Dynamite Duumvirate Tag Team Title Tournament chronology
| ← Previous 2012 | Next → 2014 |

= Dynamite Duumvirate Tag Team Title Tournament (2013) =

Professional wrestling tournament by PWG

Dynamite Duumvirate Tag Team Title Tournament (2013) was the seventh Dynamite Duumvirate Tag Team Title Tournament (DDT4) produced by Pro Wrestling Guerrilla (PWG). The event took place on at the American Legion Post #308 in Reseda, California.

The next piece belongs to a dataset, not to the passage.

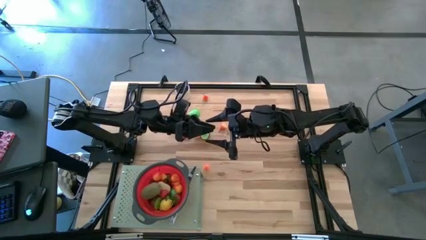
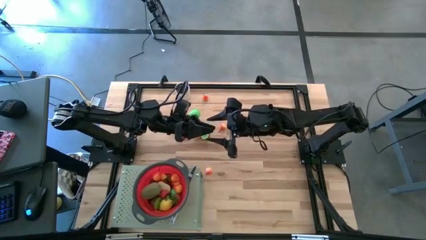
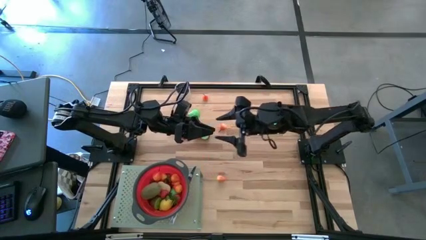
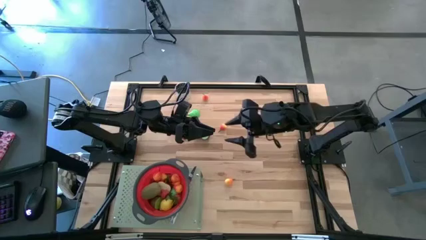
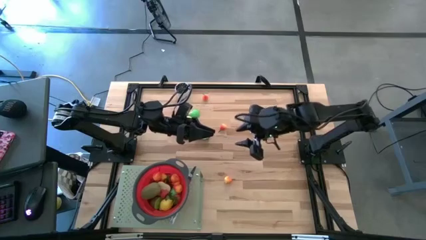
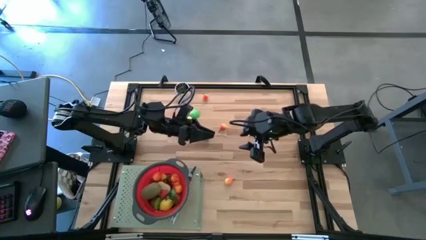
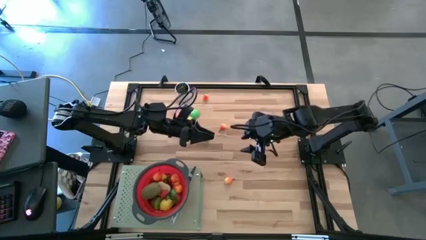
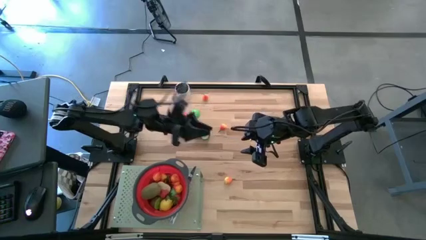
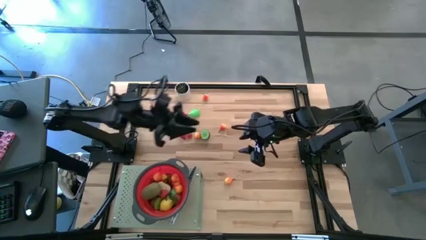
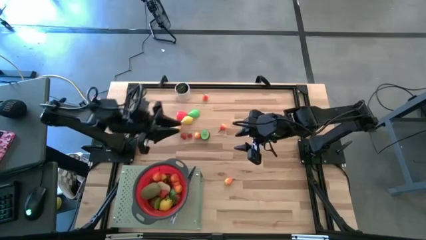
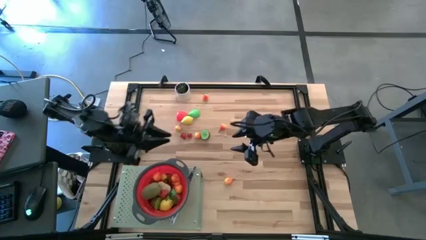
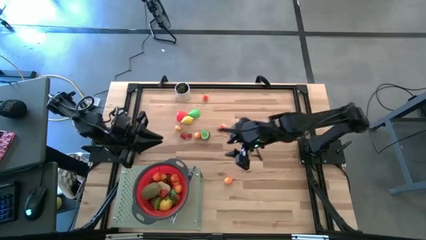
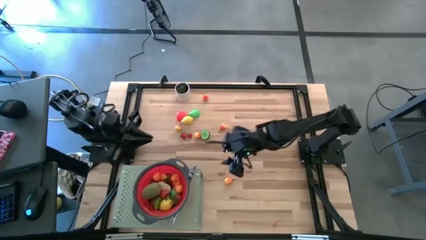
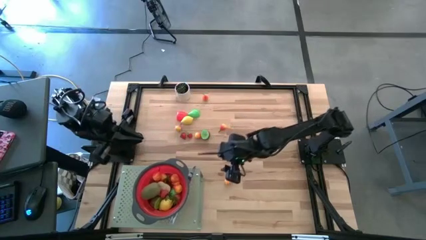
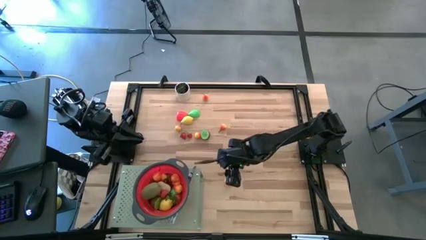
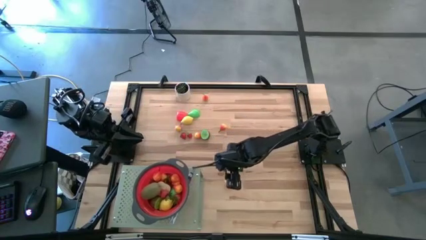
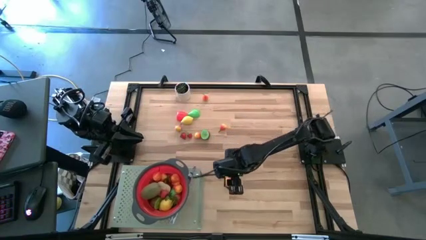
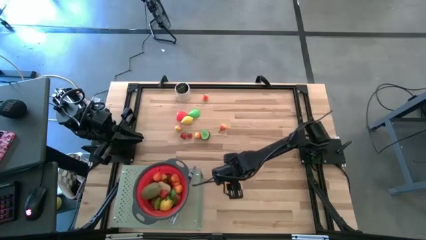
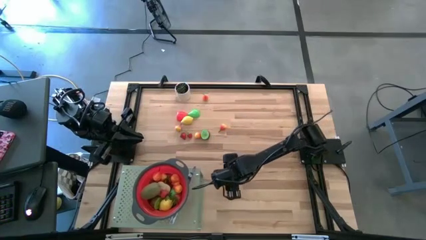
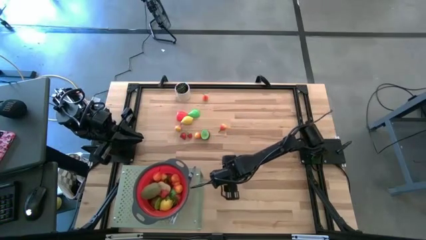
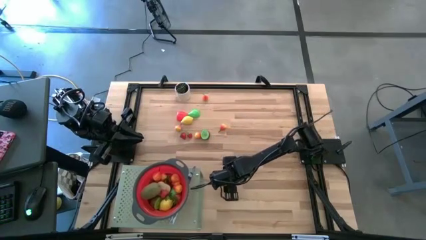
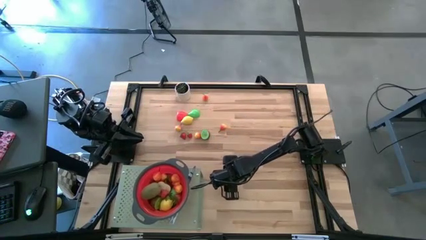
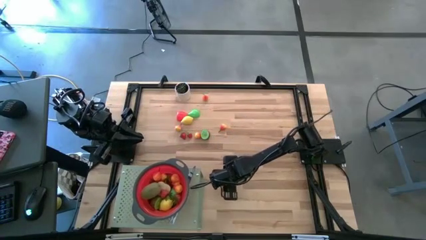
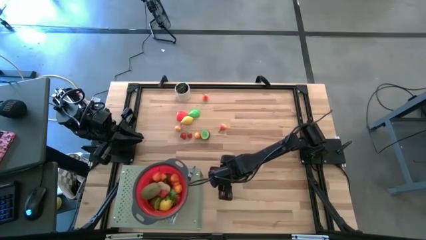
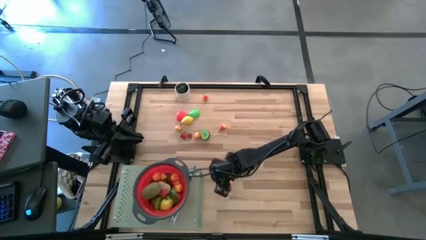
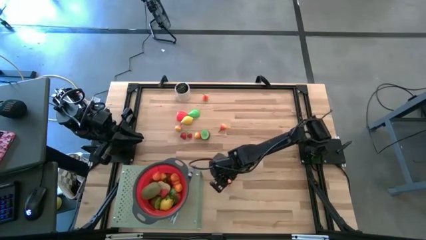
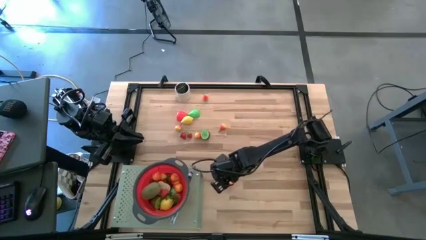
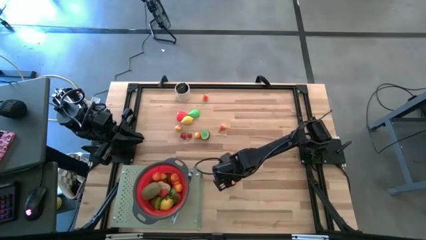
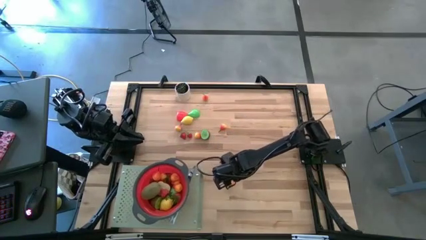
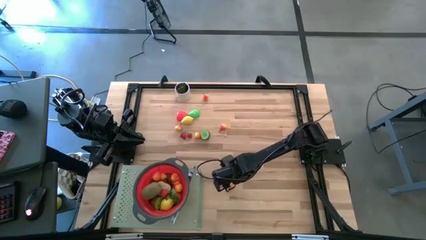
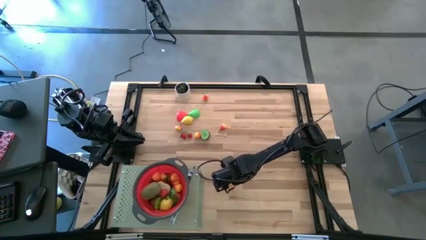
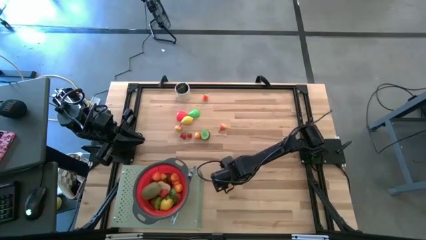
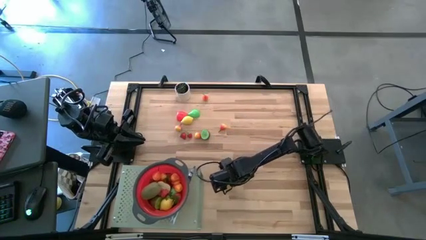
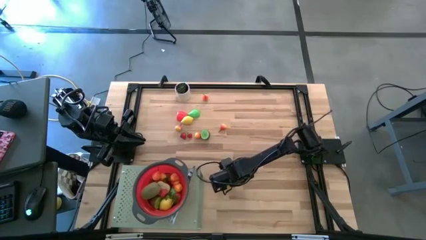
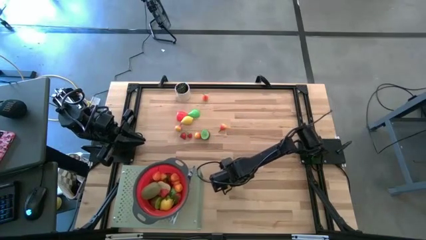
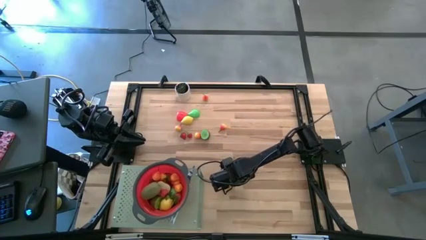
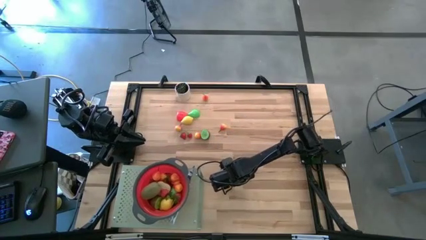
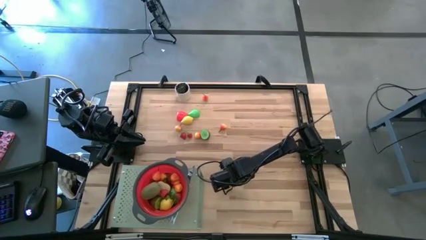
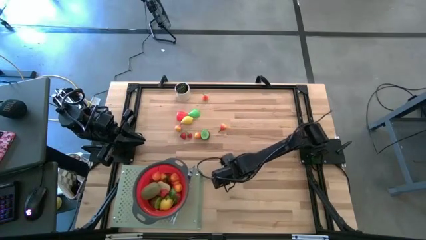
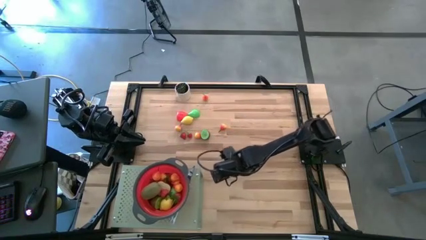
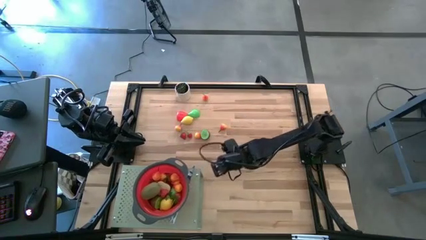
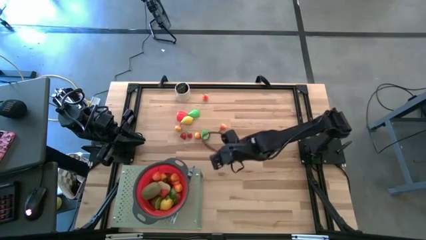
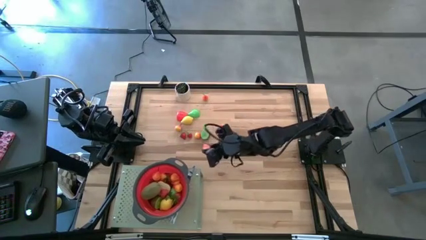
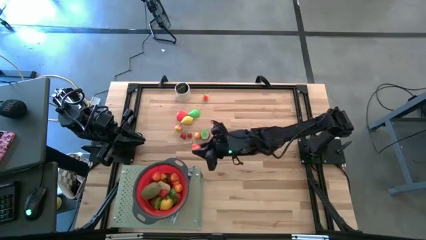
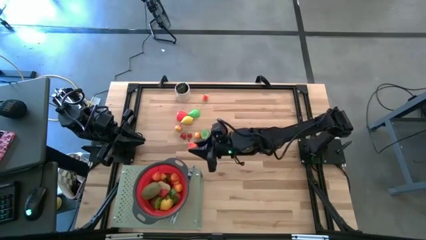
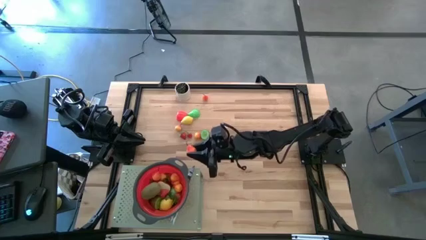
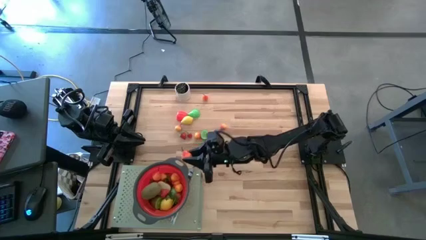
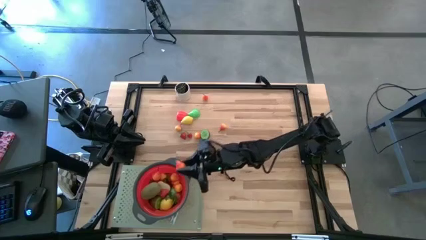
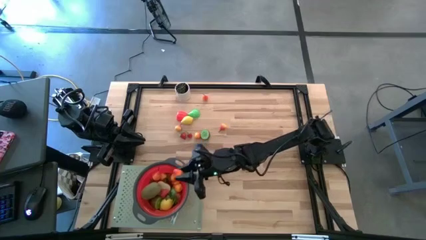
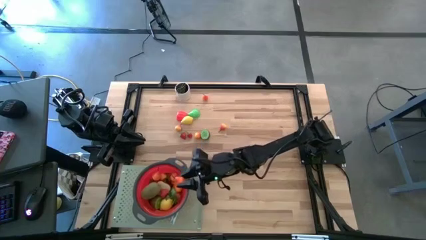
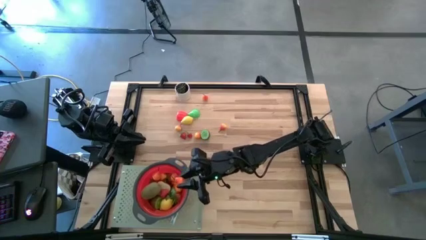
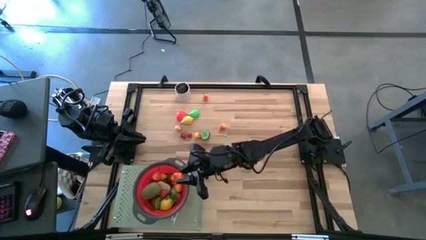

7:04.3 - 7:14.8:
Task: Pick & Place Fruit
Put the pear into the red strainer bowl on the shelf

The PWG World Tag Team Championship was defended in the tournament. The title changed hands twice during the tournament. First, Unbreakable F'n Machines (Brian Cage and Michael Elgin) defeated the defending champions Super Smash Brothers (Player Uno and Stupefied) in the quarter-final round. And then, The Young Bucks defeated Unbreakable F'n Machines to win the titles in the semi-final round. Young Bucks would then win the 2013 tournament by defeating El Generico and Kevin Steen in the final, thus winning the tournament for the third time and reaching the DDT4 final for the fourth time. This was Generico's farewell match in PWG. Aside from the DDT4, two non-tournament matches took place in which Willie Mack defeated B-Boy and Drake Younger defeated Sami Callihan in a Knockout or Submission Only match, the second match in the Best of Three Series to determine the #1 contender for the PWG World Championship.

==Production==
===Background===
On December 2, 2012, PWG announced on its official Twitter account that the 2013 edition of DDT4 would take place on January 12, 2013.

===Storylines===
====Original line-up====
The previous year's winners the Super Smash Brothers (Player Uno and Stupefied) entered the DDT4 as the reigning and defending World Tag Team Champions. Other teams announced for the tournament were:

- The Briscoe Brothers (Jay Briscoe and Mark Briscoe)
- DojoBros (Eddie Edwards and Roderick Strong)
- El Generico and Kevin Steen
- Future Shock (Adam Cole and Kyle O'Reilly)
- The Inner City Machine Guns (Rich Swann and Ricochet)
- Unbreakable F'n Machines (Brian Cage and Michael Elgin)
- The Young Bucks (Matt Jackson and Nick Jackson)

====Replacement====
While originally being announced for DDT4, El Generico was forced to pull out of the tournament due to injury. Willie Mack was named his replacement as Kevin Steen's partner, but this once again changed on January 9, when PWG announced that Generico, in the midst of reports that he had signed with WWE, would be teaming with Steen.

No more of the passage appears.